A federal judge has ruled that GOP presidential hopeful Donald Trump must disclose how much money he made from Trump University as part of a racketeering lawsuit that claims Trump defrauded students out of millions of dollars.
U.S. District Judge Gonzalo Curiel on Tuesday ruled that Trump's financial transactions involving Trump University are relevant and must be disclosed, Courthouse News Service reported.
Plaintiff Art Cohen claims that Trump "devised and executed a scheme to make tens of millions of dollars" by misrepresenting that Trump University was an actual university taught by a faculty of professors at least partly selected by Trump himself.
The next Apprentice
According to the suit, Trump University promised big things, claiming to be "the 'next best thing' to being Donald Trump's next Apprentice." Indeed, the company's website promised that students could "become the next real estate mogul," "become your own success story," or "learn wealth strategies."
But the plaintiffs say it didn't take long before they realized that "[t]he primary lesson Trump University teaches its students is how to spend more money buying more Trump seminars.
Cohen says that he paid more than $36,000 before deciding the claims were false. Cohen said Trump does not teach students his real estate investing secrets, contribute in any meaningful way to the curriculum, or handpick the instructors.
Trump's lawyers had challenged the demand that they produce records of Trump's profits from the school but Judge Curiel said the evidence is relevant and discoverable.
Curiel agreed with Cohen's argument that evidence that Trump profited from the university is relevant to show motive and bias.
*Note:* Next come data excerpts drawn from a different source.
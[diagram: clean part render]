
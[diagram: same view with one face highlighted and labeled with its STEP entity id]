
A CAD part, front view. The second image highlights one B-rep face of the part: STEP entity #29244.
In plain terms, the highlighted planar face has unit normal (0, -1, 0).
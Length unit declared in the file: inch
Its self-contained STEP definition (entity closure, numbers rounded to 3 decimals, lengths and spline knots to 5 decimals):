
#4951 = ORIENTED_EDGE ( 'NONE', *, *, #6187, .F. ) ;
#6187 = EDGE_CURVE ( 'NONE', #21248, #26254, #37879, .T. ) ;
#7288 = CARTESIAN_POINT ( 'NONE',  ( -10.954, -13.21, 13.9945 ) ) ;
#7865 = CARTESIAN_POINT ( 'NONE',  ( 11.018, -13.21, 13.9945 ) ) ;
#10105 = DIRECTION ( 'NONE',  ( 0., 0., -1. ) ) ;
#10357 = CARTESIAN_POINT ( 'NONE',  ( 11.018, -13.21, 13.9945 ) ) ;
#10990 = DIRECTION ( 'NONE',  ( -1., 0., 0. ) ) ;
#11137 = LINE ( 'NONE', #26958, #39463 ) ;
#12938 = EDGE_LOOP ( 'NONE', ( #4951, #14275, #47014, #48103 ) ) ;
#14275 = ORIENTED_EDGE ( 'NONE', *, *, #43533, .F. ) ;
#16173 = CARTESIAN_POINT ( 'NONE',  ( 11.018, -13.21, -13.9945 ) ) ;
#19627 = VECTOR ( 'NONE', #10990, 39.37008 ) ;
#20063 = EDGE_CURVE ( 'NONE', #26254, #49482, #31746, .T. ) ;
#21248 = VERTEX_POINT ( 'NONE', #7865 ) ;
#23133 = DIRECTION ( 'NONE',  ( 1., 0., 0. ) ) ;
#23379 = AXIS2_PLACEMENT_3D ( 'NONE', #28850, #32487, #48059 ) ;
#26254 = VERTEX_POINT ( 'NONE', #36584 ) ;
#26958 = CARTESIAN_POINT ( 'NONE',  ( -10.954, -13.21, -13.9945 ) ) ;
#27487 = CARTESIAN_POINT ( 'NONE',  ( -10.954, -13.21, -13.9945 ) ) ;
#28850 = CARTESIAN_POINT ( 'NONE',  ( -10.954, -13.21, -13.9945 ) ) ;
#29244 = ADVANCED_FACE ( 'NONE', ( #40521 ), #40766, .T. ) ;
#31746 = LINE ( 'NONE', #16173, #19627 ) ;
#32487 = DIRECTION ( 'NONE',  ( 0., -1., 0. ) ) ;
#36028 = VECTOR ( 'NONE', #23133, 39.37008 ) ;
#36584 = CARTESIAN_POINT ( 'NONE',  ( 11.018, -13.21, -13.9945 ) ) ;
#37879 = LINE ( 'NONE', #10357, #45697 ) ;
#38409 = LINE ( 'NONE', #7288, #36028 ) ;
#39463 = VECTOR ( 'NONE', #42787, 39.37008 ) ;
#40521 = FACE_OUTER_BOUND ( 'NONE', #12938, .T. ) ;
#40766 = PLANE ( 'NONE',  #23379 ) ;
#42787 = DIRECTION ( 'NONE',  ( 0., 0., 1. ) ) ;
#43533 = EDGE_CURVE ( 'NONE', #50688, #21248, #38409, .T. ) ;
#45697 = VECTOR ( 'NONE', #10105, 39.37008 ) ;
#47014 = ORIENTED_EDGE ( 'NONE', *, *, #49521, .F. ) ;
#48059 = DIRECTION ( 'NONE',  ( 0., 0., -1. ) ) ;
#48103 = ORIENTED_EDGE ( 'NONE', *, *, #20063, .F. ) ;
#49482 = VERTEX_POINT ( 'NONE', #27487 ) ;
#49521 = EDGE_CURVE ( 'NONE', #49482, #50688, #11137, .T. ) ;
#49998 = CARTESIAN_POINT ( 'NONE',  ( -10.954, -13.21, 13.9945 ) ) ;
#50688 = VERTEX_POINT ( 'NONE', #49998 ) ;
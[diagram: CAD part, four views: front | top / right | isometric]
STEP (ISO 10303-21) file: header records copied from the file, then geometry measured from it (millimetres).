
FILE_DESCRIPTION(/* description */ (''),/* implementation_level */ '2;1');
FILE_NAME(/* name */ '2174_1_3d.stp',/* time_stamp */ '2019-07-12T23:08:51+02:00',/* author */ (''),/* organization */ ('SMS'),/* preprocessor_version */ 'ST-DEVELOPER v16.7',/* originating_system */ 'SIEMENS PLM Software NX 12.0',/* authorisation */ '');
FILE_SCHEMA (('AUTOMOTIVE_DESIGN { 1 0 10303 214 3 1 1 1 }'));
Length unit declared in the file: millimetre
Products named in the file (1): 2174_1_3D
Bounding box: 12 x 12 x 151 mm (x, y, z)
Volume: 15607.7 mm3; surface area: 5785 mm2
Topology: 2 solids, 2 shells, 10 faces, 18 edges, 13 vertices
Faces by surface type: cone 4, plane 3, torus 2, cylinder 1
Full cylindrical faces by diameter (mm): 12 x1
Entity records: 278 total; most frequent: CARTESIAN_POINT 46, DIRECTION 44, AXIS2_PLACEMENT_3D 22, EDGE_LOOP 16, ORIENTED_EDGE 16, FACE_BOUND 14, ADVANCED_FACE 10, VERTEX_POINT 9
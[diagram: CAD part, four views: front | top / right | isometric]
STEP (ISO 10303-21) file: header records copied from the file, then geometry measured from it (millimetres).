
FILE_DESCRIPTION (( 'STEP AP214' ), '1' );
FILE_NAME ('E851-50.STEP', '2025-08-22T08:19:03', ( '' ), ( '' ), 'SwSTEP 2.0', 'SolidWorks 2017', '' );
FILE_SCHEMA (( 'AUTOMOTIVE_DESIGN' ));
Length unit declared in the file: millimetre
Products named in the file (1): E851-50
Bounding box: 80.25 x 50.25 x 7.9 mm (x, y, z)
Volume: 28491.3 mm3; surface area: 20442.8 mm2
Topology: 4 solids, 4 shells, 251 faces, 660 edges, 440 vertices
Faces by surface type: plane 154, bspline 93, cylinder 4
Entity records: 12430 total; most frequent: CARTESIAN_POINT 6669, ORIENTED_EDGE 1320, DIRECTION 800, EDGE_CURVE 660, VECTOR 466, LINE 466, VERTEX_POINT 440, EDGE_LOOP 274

New York Attorney General Eric Schneiderman successfully sued Trump in 2014, charging he was personally liable for running Trump University without a license. Schneiderman accused Trump of fraud, claiming he had defrauded students of $40 million.
Trump announced recently that he was seeking the GOP nomination for president, taking the opportunity to say that Mexican immigrants are criminals, rapists and drug dealers, setting off something of a crisis in the Republican Party, which has been trying to figure out how to appeal to Hispanic voters.
Univision cut ties with Trump after the remarks and Trump responded with a $500 million lawsuit, saying the action was illegal. NBC Universal and Macy's have also canceled their business dealings with the hotel mogul and financier, whose poll numbers have been rising in lockstep with the controversy.